So this week has definitely tested my willpower in self restraint. The trolls, or as I am more inclined to think, the troll who is assuming multiple "anonymous" personalities, have been coming at me hard. Questioning what I say, demanding proof that I am who I say I am, and just generally feeling entitled to know every single detail about my life.
I thought about how to handle this situation quite a bit. The lesser in me wanted to write up a nasty post and give you the name and phone number of one particular Troll who is demanding that I call her and return the favor by exposing myself. Luckily, I thought better of that.
So after much thought and internal debate, This is the conclusion that I have come too:
I am an anonymous writer and will remain an anonymous writer. There are several reasons why I choose to write anonymously. First and foremost is the protection of my children. What kind of mother would I be if I publicly announced that my children's father was a rapist and then sent them off to school? My life and my history is intricately tied to their lives and their history. My stories are their stories and they will be their stories to tell to whom and when they wish to share them. I have no right sharing with the world things that are a direct reflection on their identities. Secondly, safety. I choose to bare my soul here, every part of me. There needs to be some barrier of safety for me and my family.
By choosing to remain anonymous, I understand that some people will doubt who I am. I also understand that this is extremely baiting to Troll's. As I have learned this week, defending myself is fruitless. It's never ending. No amount of proof is enough. A question is asked, I give an answer. The topic is changed to another question, I give an answer. Eventually we reach a question where even more proof is demanded and I refuse to give it because it is personal. The Troll cheers and claims victory that I must be lying. Some things, short of scanning and posting police reports or medical records, cannot be proved on here. Even if I did that, then what? You want a copy of my drivers license to prove that its my report? Let's say I reveal my identity. Is that proof? Would you like to dig through my sealed childhood records? Talk to my ex? Shall I put my mother on the phone? There will never be enough proof in the world to satisfy everyone.
With that being said, I am done defending myself. I wasted more time and energy this week defending myself in the comments to one particular Troll, than writing about the things that I started this blog for. I don't owe anyone anything.

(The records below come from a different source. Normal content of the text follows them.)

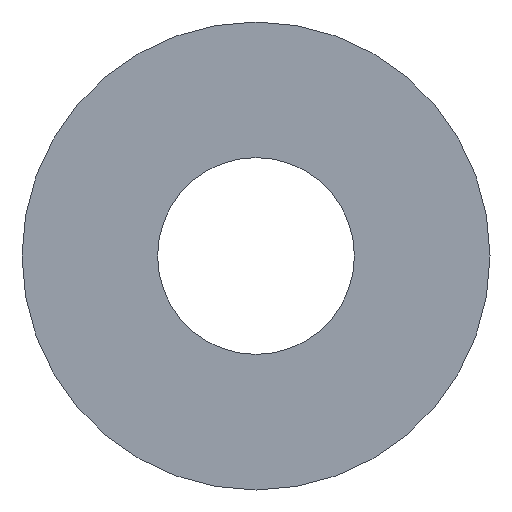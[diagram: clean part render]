
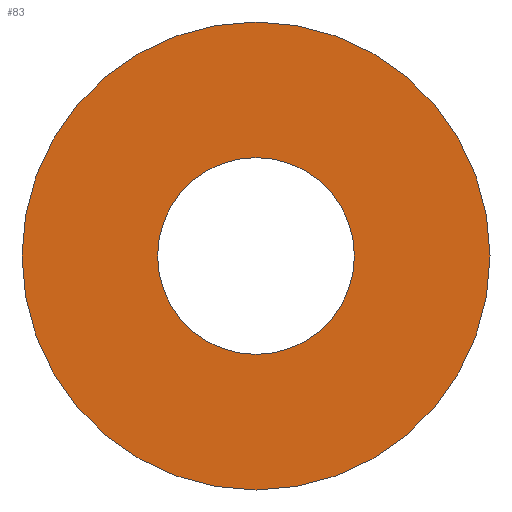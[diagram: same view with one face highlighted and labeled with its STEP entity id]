
A CAD part, front view. The second image highlights one B-rep face of the part: STEP entity #83.
In plain terms, the highlighted planar face has unit normal (0, -1, 0).
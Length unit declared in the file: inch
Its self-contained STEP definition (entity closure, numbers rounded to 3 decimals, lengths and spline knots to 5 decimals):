
#2 = PLANE ( 'NONE',  #223 ) ;
#4 = ORIENTED_EDGE ( 'NONE', *, *, #110, .T. ) ;
#6 = DIRECTION ( 'NONE',  ( 0., 1., 0. ) ) ;
#16 = CARTESIAN_POINT ( 'NONE',  ( 0., 0., 0.062 ) ) ;
#19 = CIRCLE ( 'NONE', #40, 0.062 ) ;
#23 = ORIENTED_EDGE ( 'NONE', *, *, #88, .F. ) ;
#29 = VERTEX_POINT ( 'NONE', #16 ) ;
#32 = FACE_OUTER_BOUND ( 'NONE', #105, .T. ) ;
#40 = AXIS2_PLACEMENT_3D ( 'NONE', #117, #6, #138 ) ;
#45 = CARTESIAN_POINT ( 'NONE',  ( 0., 0., 0.1475 ) ) ;
#52 = DIRECTION ( 'NONE',  ( 0., 1., 0. ) ) ;
#57 = CARTESIAN_POINT ( 'NONE',  ( 0., 0., 0. ) ) ;
#63 = CIRCLE ( 'NONE', #193, 0.062 ) ;
#74 = DIRECTION ( 'NONE',  ( 0., 1., 0. ) ) ;
#76 = DIRECTION ( 'NONE',  ( 0., 0., 1. ) ) ;
#77 = EDGE_LOOP ( 'NONE', ( #176, #4 ) ) ;
#79 = VERTEX_POINT ( 'NONE', #141 ) ;
#81 = FACE_BOUND ( 'NONE', #77, .T. ) ;
#83 = ADVANCED_FACE ( 'NONE', ( #32, #81 ), #2, .F. ) ;
#88 = EDGE_CURVE ( 'NONE', #235, #127, #230, .T. ) ;
#101 = EDGE_CURVE ( 'NONE', #127, #235, #172, .T. ) ;
#105 = EDGE_LOOP ( 'NONE', ( #132, #23 ) ) ;
#107 = DIRECTION ( 'NONE',  ( 0., 1., 0. ) ) ;
#110 = EDGE_CURVE ( 'NONE', #29, #79, #19, .T. ) ;
#111 = AXIS2_PLACEMENT_3D ( 'NONE', #57, #198, #76 ) ;
#117 = CARTESIAN_POINT ( 'NONE',  ( 0., 0., 0. ) ) ;
#120 = EDGE_CURVE ( 'NONE', #79, #29, #63, .T. ) ;
#127 = VERTEX_POINT ( 'NONE', #214 ) ;
#132 = ORIENTED_EDGE ( 'NONE', *, *, #101, .F. ) ;
#138 = DIRECTION ( 'NONE',  ( 0., 0., 1. ) ) ;
#139 = AXIS2_PLACEMENT_3D ( 'NONE', #226, #107, #251 ) ;
#141 = CARTESIAN_POINT ( 'NONE',  ( 0., 0., -0.062 ) ) ;
#166 = CARTESIAN_POINT ( 'NONE',  ( 0., 0., 0. ) ) ;
#172 = CIRCLE ( 'NONE', #111, 0.1475 ) ;
#176 = ORIENTED_EDGE ( 'NONE', *, *, #120, .T. ) ;
#189 = DIRECTION ( 'NONE',  ( 0., 0., 1. ) ) ;
#193 = AXIS2_PLACEMENT_3D ( 'NONE', #197, #74, #216 ) ;
#197 = CARTESIAN_POINT ( 'NONE',  ( 0., 0., 0. ) ) ;
#198 = DIRECTION ( 'NONE',  ( 0., 1., 0. ) ) ;
#214 = CARTESIAN_POINT ( 'NONE',  ( 0., 0., -0.1475 ) ) ;
#216 = DIRECTION ( 'NONE',  ( 0., 0., 1. ) ) ;
#223 = AXIS2_PLACEMENT_3D ( 'NONE', #166, #52, #189 ) ;
#226 = CARTESIAN_POINT ( 'NONE',  ( 0., 0., 0. ) ) ;
#230 = CIRCLE ( 'NONE', #139, 0.1475 ) ;
#235 = VERTEX_POINT ( 'NONE', #45 ) ;
#251 = DIRECTION ( 'NONE',  ( 0., 0., 1. ) ) ;

I am a single, struggling mother, a broken person trying to heal, and yet I am trying to heal publicly to let others know that they are not alone. I am LOVING seeing all of the survivors gathering in the comments, and I am feeling so blessed to be gaining so much insight from so many wonderful advisers on here.
I won't be wasting anymore energy on the doubters. I have the option of turning the blog comments into "approved only" comments, where when a comment is submitted, it requires my approval before it is posted. I am not doing that. I truly don't believe in censoring out the doubters. They are welcome to come, as long as they are polite. With that being said, this is still my blog and I will delete comments that are harassing, derogatory, attacking other commenter's, and postings of the same exact troll comments on multiple blog posts.
Now, because I am so nice, I will even save the Tolls the trouble, and I will point out the things that they want you to be aware of. Hopefully this will make the Trolls happy. See, aren't I nice?
I am an anonymous blogger.
I have had multiple hardships in my life.
Some of them, actually, most of them, are quite unbelievable.
There have been several literary scam artists in the past, who specifically went after the feelings of others using stories that contained hardships.
I am could be one of them (I'm not.)
So, as the Trolls would love to warn you, I just have.
If you choose to stick around, I would love to have you. If you don't believe me, you are welcome to move on. I will miss you but I hope you find a place you feel more comfortable in.
Any further Troll comments, will be replied to with the link to this posting.
It's not that I am avoiding questions or dodging the truth, its just that I will NEVER win. Every bit of proof is followed by a demand for more. I am a blogger, but I am a person and a mother first. I am not willing to expose my children to the world or compromise the safety of myself and my kids. I will pull the blog down before I will put my identity and the identity of my children on the Internet. If that doesn't sit right with you, I'm sorry.
For those of you that choose to continue along in my journey of healing, I am blessed to have you, and I hope that you are able to find this as a healing place for you as well.